The Engineer claimed any right to require it to execute and deliver up the collateral warranty had time barred after 5 years (“prescribed”). That 5-year time bar period comes from the Prescription and Limitation (Scotland) Act 1973, but the clock will be stopped if a court action is raised. The Engineer said the obligation under clause 6.1 ran from May 2017, when the appointment letter was entered into. As no court claim was made within 5 years, the right was time barred and therefore extinguished.

Pursuers’ position

The pursuers said a proper construction of clause 6.1 required to give effect to the natural and ordinary meaning of the words used. Those words were clear and unambiguous. They identified a “written request” as the trigger which crystallised the obligation to deliver. Therefore the time bar clock ran from August 2022, when the written request for the collateral warranty was made. As the court action had been raised within 5 years of that request, the right had not time barred.  This was reinforced by clause 6.1 allowing the Contractor to identify and request a form of wording for the collateral warranty.  The Engineer would not know the form of warranty to issue if it was not given a request first.

Judgment

The court said a contractual obligation is usually presumed to be “pure and enforceable” at once, unless the contract provides otherwise. Nothing in clause 6.1 displaced that presumption. The Contractor could have enforced the Engineer’s obligation to execute and deliver a collateral warranty as soon as the appointment letter was entered into. The potential uncertainty over the warranty terms did not render the underlying obligation unenforceable unless and until resolved. The 7-day period for delivery related to performance of the obligation, not its existence.

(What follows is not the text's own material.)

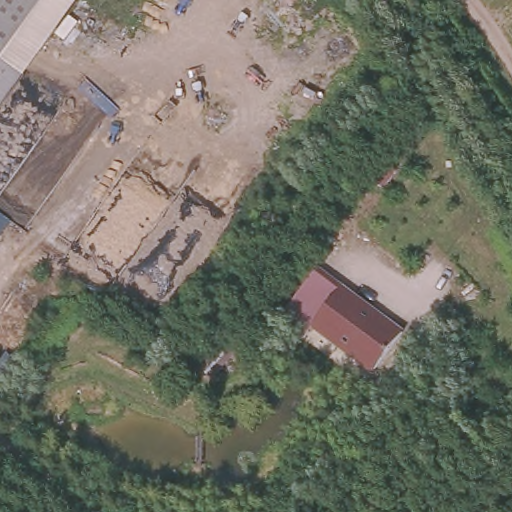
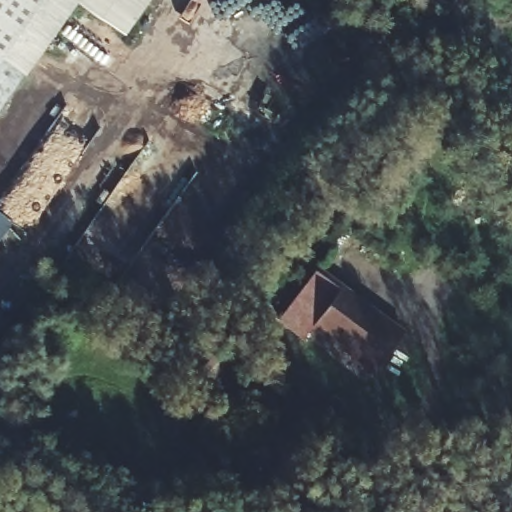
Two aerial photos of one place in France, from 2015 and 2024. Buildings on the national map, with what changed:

Therefore the obligation to execute and deliver the collateral warranty existed since the letter of appointment was entered into. This was more than 5 years ago, without the time bar clock being stopped. The Contractor no longer had the right to a collateral warranty from the Engineer.

Implications

Collateral warranties are an important part of the contractual matrix in many construction projects. Parties like employers, tenants, purchasers and funders rely on them to protect their interests, by accessing rights in underlying contracts or appointments.

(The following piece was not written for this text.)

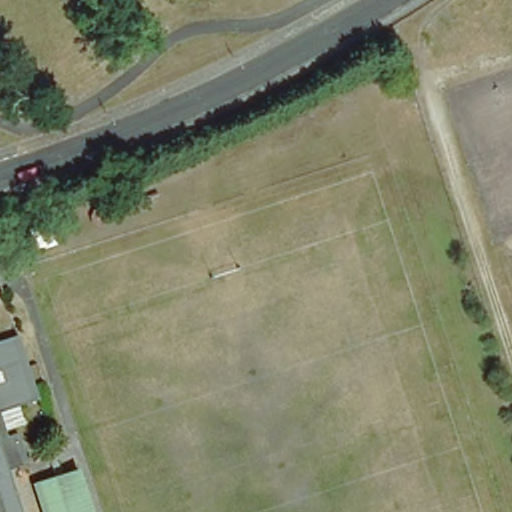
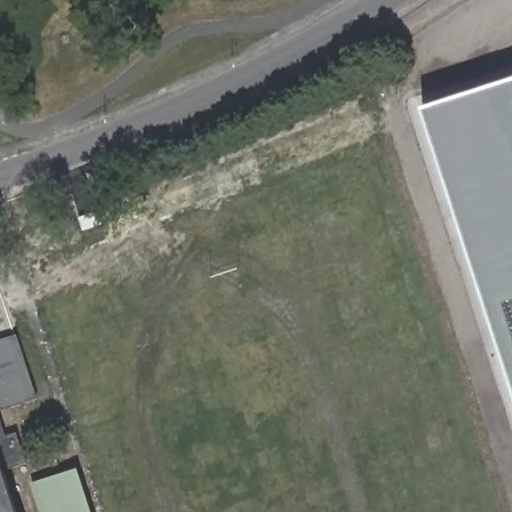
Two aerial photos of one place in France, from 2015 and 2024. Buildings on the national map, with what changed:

This decision will change the practice and timing of obtaining and delivering collateral warranties. It also raises questions where the identity of a beneficiary, such as a subsequent purchaser, is unknown until more than 5 years after a contract or appointment is entered into.

There may be more to come on this or other decisions. Meantime key implications are:

  • the specific wording in any contract or appointment requiring collateral warranties may affect the time bar consequences;
  • here, the 5-year time bar ran from when the underlying appointment was entered into;
  • new drafting may be negotiated, potentially starting the time bar clock at a later date;
  • if a party requests a collateral warranty more than 5 years after the relevant contract or appointment was entered into, it may be refused or challenged by the granter on the basis of time bar;
  • parties should check their contracts and delivery timescales, where collateral warranties have not yet been called for or executed and delivered.